THE AMISH COOK
BY GLORIA YODER
This past weekend proved to be quite interesting. I'm sure you would've enjoyed taking a peek at the 135 youth gathered at a local church camp.
Each spring we as a church invite Amish youth from other communities – some from as far away as Virginia and New York - to join us at the Crest Haven Family Center in Claremont, Illinois. The camp is owned by a local church whom we rent it from.
This year there were 135 youth so there were lots of new faces as well as old friends to chat with. Each van load of youth usually brings a minister and his wife or a youth leader couple along from their community.
Several ministers are asked to come and have a topic or two for the youth. Examples of topics include “sharing God’s love with others” and “looking to God when facing difficulties.” During my youth years this is something I always looked forward to.

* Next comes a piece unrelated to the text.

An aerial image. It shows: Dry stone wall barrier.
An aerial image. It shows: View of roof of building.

Since I married I still enjoy being there. An allotted time is also given for a hymn singing as well as a period for questions and answers. The weekend is intended to be a time of spiritual refreshment and encouragement: no games or entertainment are scheduled throughout the weekend, this is a time meant for reflection. The event is an enjoyable time of fellowship and spiritual renewal for everyone.
The guests begin arriving on Friday afternoon. First everyone signs in, fills out name tags and then settles their belongings into the room assigned to them in one of the dorms. With the boys dorms on one side of the shower houses and the ladies and staff on the other, sufficient privacy is granted to everyone.

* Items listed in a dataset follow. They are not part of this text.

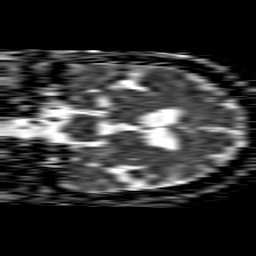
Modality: ADC
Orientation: coronal
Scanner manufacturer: philips
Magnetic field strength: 1.5 T
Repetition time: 4.6 s
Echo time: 0.09478 s
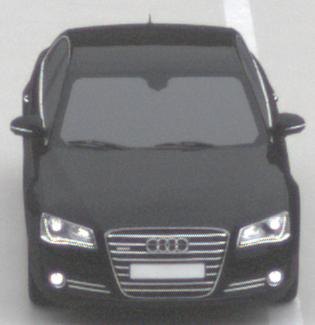
Make: Audi
Model: A8 D4
Model produced from: 2009
Model produced until: 2017
Doors: 4
Color: black
Road condition: wet road
Daytime: midday
Contrast: low contrast
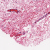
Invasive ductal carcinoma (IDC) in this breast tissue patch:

Cooking is a major undertaking on a weekend like this. Us church ladies are always assigned to bring certain dishes. Some of the visiting youth also bring items along such as cakes, cookies, pies, etc.
This year I was asked to bring a gallon of yogurt, a large batch of tossed salad and homemade dressing to go with it.
Lemon yogurt would be refreshing, I decided. Upon arriving at Crest Haven I took the yogurt along with my salad and dressing into the cooler and set it on one of the shelves.
On Sunday, after lunch, one of the cooks came to me and said she had something she'd like to tell me about.
"Okay," I said, my curiosity kept mounting. “Whatever could it be? I wondered. The way she said it I knew something out of the ordinary must have happened.
"We found your container in the cooler and were surprised to see that you made such a large batch of dressing," she explained. I gasped they obviously had mistaken my yogurt to be dressing!
The cook went on to explain how they had gotten the container and started mixing its contents with several other batches of homemade dressings made by several other ladies. My imagination kept reeling. "They probably had to start all over and make a new batch of dressing," I worried.
Thankfully enough, someone tasted it before it was too late and discovered their "dressing" to be yellow lemon yogurt. The colors was strikingly the same but the texture wasn't as comparable. I didn't ask her but undoubtedly they wondered why I brought along such thick, jelly-like dressing!
You can guess what I decided then and there. From now on I will always label my containers with food so everyone knows exactly what it is and which meal it is to be used for!
Be sure to watch for next week's letter. I'll be filling you in on details of our cooking experiences at the Crest Haven Family Center a couple of years ago.
How about trying out our family favorite dressing recipe? And let me assure you, no yogurt is needed in this recipe!
Daniel's opinion of this dressing is the same as my Dad's always was: to them it's not really worth eating a salad if you don't have homemade sweet and sour salad dressing to go with it. As a young girl I made countless batches of it. It has a long shelf life when kept in the refrigerator so I like making large batches of it. It can be used in many ways. Julia likes using it as a dip for her veggies it also adds a tasty tang when drizzled over casseroles.
For the this week’s recipe I often replace the vegetable oil with olive oil and use less sugar and add a bit of stevia as a replacement. The “3 cups of salad dressing” in this recipe would be the type of dressing known to many as Miracle Whip. I make my own homemade version of “Miracle Whip” and I will share that recipe in an upcoming column, but you can use store-bought in this recipe.
- 3 cups salad dressing
- 2 tablespoons prepared mustard
- 1 /2 cups vinegar
- 1-½ cups sugar
- ½ teaspoon salt
- 3 /4 cup vegetable oil
- 1 teaspoon onion salt
- 1 teaspoon celery seed
- Whip everything together and drizzle on your favorite salad.
- NOTE: Cook time above says "1 minute" because a glitch in the "recipe card" feature won't let me leave the box blank. No cook time needed for this recipe!
I would love to try this recipe with homemade Miracle Whip salad dressing. This version is really not homemade, but I am sure it is tasty. Hopefully she will publish that recipe soon. Thanks.
I do not see my favorite Amish Cook in my newspaper anymore. Will it return soon?
Hi, Susan, Gloria's column should be in your paper each week!